John F. Kennedy has got to be the most stark and recent example.
Let us consider things many find deplorable, even detestable about Donald J. Trump:
1. He is characterized as a misogynist:
based on the stolen comments about his glee in fondling women, and his oogling contestants in beauty pageants. I really don't know the guy. But, I suspect, you wouldn't hear anything from him you wouldn't hear three blocks away from my home, down at the local bars, when men are drinking beer together.
2. He is a coward,
who used his money to avoid the draft and serving in Vietnam.
I cannot hold avoiding Vietnam against any man, even one who wants to be President.
3. He does not give to charity, which means he's selfish.
He accumulates money, but unlike Bill Gates, Mark Zuckerberg or Warren Buffet, he does not "give back." One might infer this impulse toward philanthropy among many of the rich derives from a sense of gratitude and a sense wanting to use wealth for good works, but it may just as well derive from a sense of guilt at having so much when others are wanting.

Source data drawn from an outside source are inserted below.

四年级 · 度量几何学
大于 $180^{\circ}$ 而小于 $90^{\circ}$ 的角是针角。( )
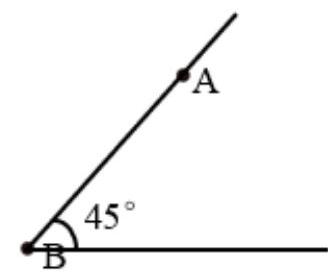
答案: $\times$

【详解】

如图所示, $\angle 1$ 是一个钝角。小于 $180^{\circ}$ 大于 $90^{\circ}$ 的角是钝角, 题干说法错误。

故答案为: $\times$18.答案: 答案:见详解

【分析】(1) 射线有 1 个端点, 一端向一边无限延长, 据此画出射线 BA。

(2) 使量角器的中心和射线的端点 B 重合, 零刻度线和射线重合; 在量角器任意一个刻度的地方点点; 以射线的端点 B 为端点, 连接两个端点, 即可作成角。

【详解】

（角的画法不唯一）

【点睛】本题考查了射线的画法以及角的画法, 画角注意两重和, 量角器的中心和射线的端点重合, $0^{0}$ 刻度线和射线重合。
解析: 答案: $\times$

【详解】

如图所示, $\angle 1$ 是一个钝角。小于 $180^{\circ}$ 大于 $90^{\circ}$ 的角是钝角, 题干说法错误。

故答案为: $\times$18.答案: 答案:见详解

【分析】(1) 射线有 1 个端点, 一端向一边无限延长, 据此画出射线 BA。

(2) 使量角器的中心和射线的端点 B 重合, 零刻度线和射线重合; 在量角器任意一个刻度的地方点点; 以射线的端点 B 为端点, 连接两个端点, 即可作成角。

【详解】

（角的画法不唯一）

【点睛】本题考查了射线的画法以及角的画法, 画角注意两重和, 量角器的中心和射线的端点重合, $0^{0}$ 刻度线和射线重合。
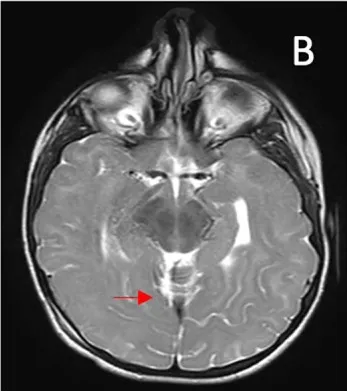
MRI performed at diagnosis. Coronal T2WI shows multiple areas of prior infarction, seen as areas of high signal intensity. MRI performed at age 8 yr.
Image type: radiology (mri)
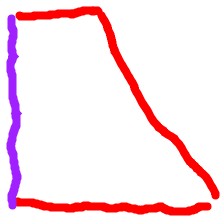
Shape: trapezoid
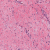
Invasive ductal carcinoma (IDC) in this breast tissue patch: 0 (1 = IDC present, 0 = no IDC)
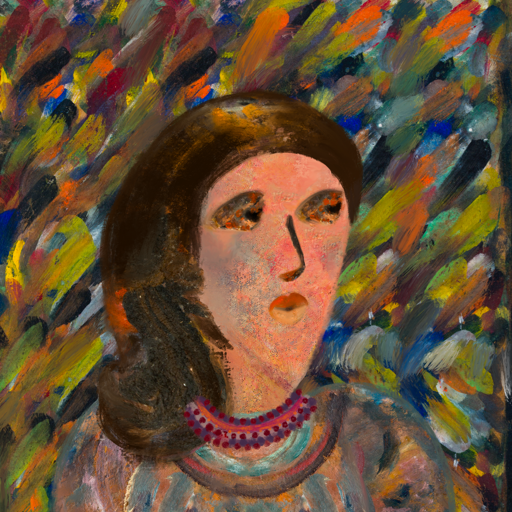
Background: An_Impression, Head And Neck Side: Irani, Face Side: Gypsy_Queen, Bust: Boggyland, Hair Side: Gypsy_Queen, Head Accessory: Blank, Second Necklace: Blank, Necklace: Roy_Bahadur, Baby: Blank
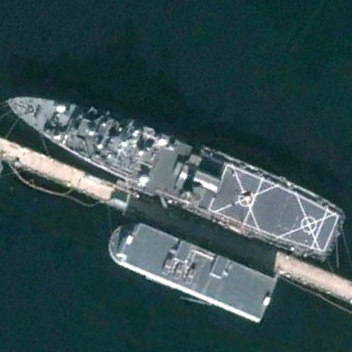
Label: combat
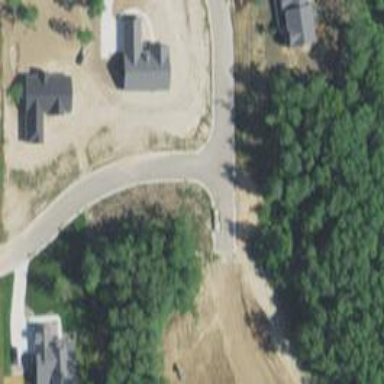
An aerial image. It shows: Asphalt road in living street.
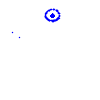
Particle: pion
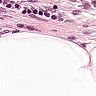
Metastatic tissue present: no

Mr. Trump, one suspects, has a sense of entitlement to his wealth, like royalty of the past, who thought themselves deserving because God willed them to be wealthy, or, in Trump's case because he "earned" his wealth.
4. He has avoided paying his share by avoiding income taxes for twenty years.

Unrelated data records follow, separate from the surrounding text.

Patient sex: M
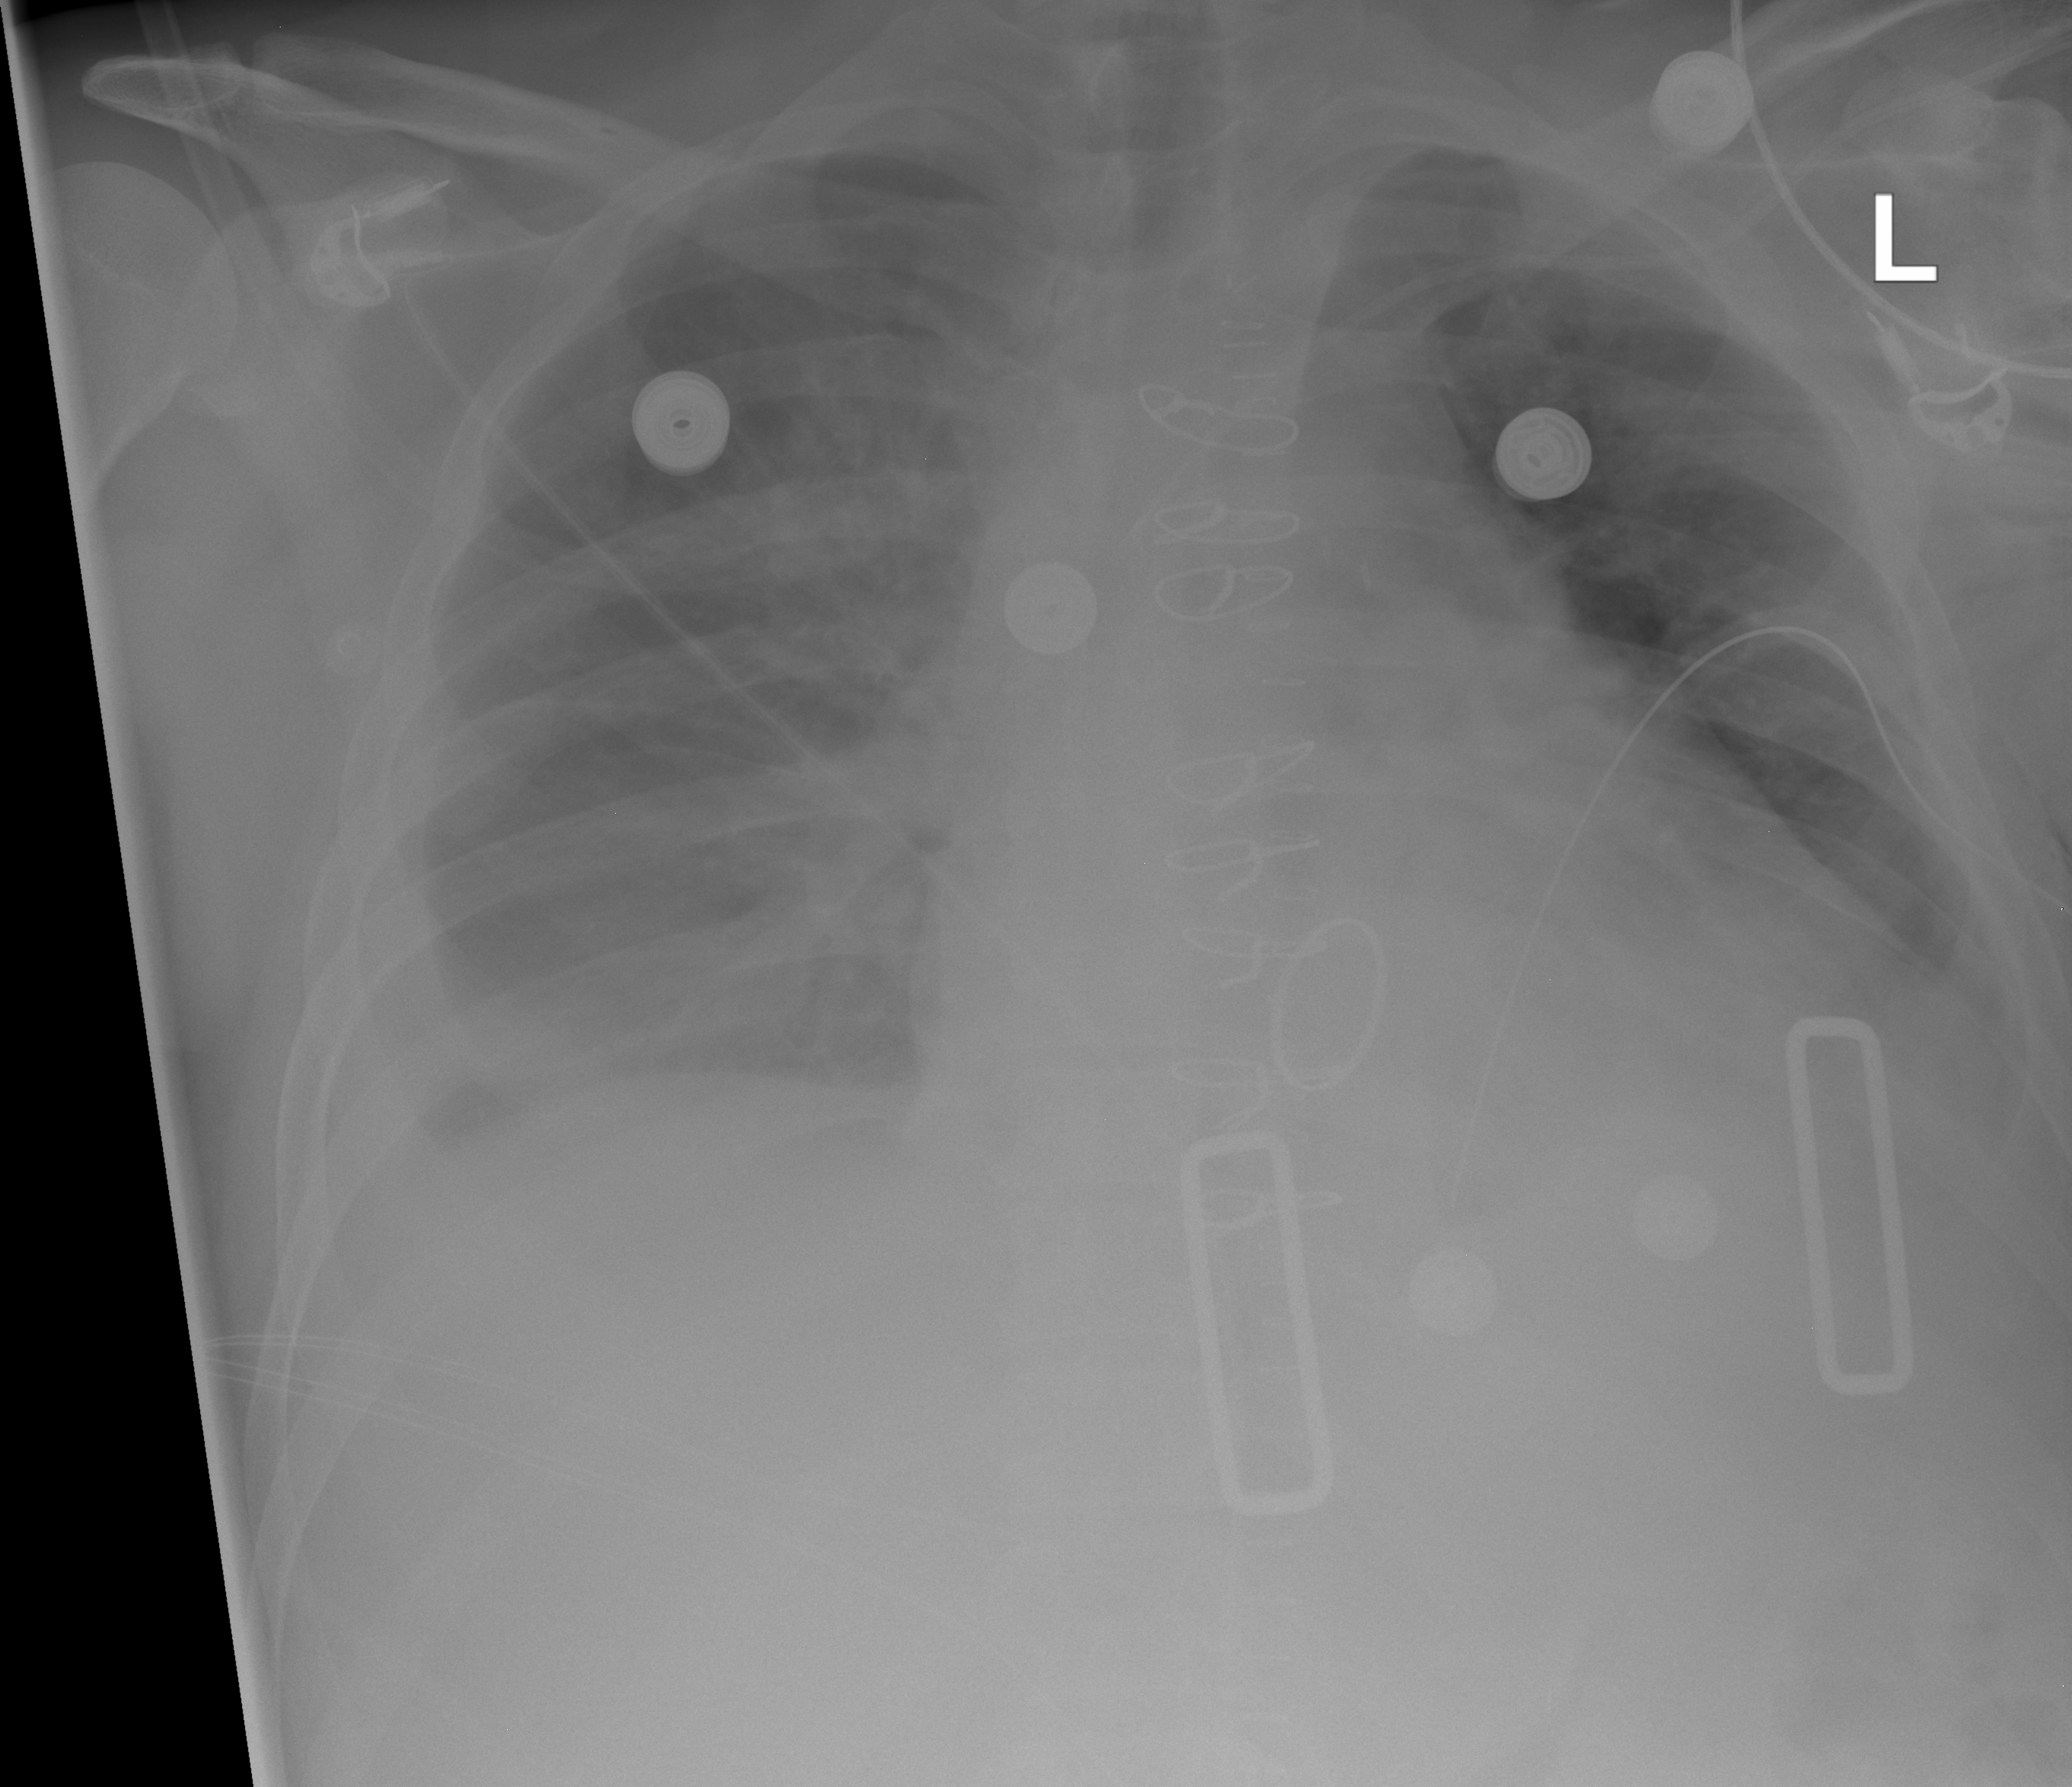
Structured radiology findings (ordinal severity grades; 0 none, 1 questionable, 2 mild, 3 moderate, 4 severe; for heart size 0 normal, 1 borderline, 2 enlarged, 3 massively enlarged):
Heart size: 2
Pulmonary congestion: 2
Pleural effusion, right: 2
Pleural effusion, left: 1
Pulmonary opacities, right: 0
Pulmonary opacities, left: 0
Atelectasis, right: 2
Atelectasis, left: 1

But all rich people avoid paying taxes, use loopholes. Some, who live in New York City, keep careful logs to document they have spent fewer than 180 days in the city to avoid paying city income tax, on the claim they do not actually "live" in the city.

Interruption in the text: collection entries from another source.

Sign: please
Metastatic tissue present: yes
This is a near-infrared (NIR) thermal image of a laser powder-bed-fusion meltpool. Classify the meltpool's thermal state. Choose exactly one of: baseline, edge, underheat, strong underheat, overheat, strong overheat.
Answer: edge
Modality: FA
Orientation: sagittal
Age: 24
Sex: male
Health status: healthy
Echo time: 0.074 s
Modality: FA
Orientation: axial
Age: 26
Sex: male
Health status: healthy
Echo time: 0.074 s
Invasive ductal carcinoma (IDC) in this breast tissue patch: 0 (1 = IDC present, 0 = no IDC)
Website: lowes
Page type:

Mr. Trump's harrumph that he avoided paying income taxes because the government would have only "squandered" his hard earned money is, of course, subversive and would lead one to say if the head of the government tells you to evade income taxes, then you are right to do so. The contradiction in the head of state advising citizens to avoid paying the taxes his own government levies is something new.
On the other hand, it's exactly the sentiment and the rationalization of every garage owner, every shop owner, and many doctors I know. They consider income tax a theft. Mr. Trump says he already pays plenty of taxes--corporate taxes, gasoline taxes, sales taxes on his yachts, real estate taxes--why should he worry about income taxes? This makes sense, emotionally, to his voters, even if it's bad public policy.
5. He's a xenophobe:
He threatened to ban all Muslims from entering the country and he promised to round up and deport illegal immigrants and he promised to build a wall. Of course, all of this is dismissed by his supporters as not to be taken literally. He was just saying what many people have said privately, that we are, in fact, horrified by radical Islam, its bestiality, its rabid aggressiveness, its intolerance, and being told our fear is not politically correct, is not rational is only infuriating.
As for the Mexican "wet backs," this is puzzling, because outside a few border counties in Arizona and Texas, most people I know do not fear or loathe Mexican immigrants, legal or illegal. Quite the opposite. Here, he really does sound like some later day Hitler, looking for a scapegoat to hate, hoping to find someone to blame for the loss of jobs.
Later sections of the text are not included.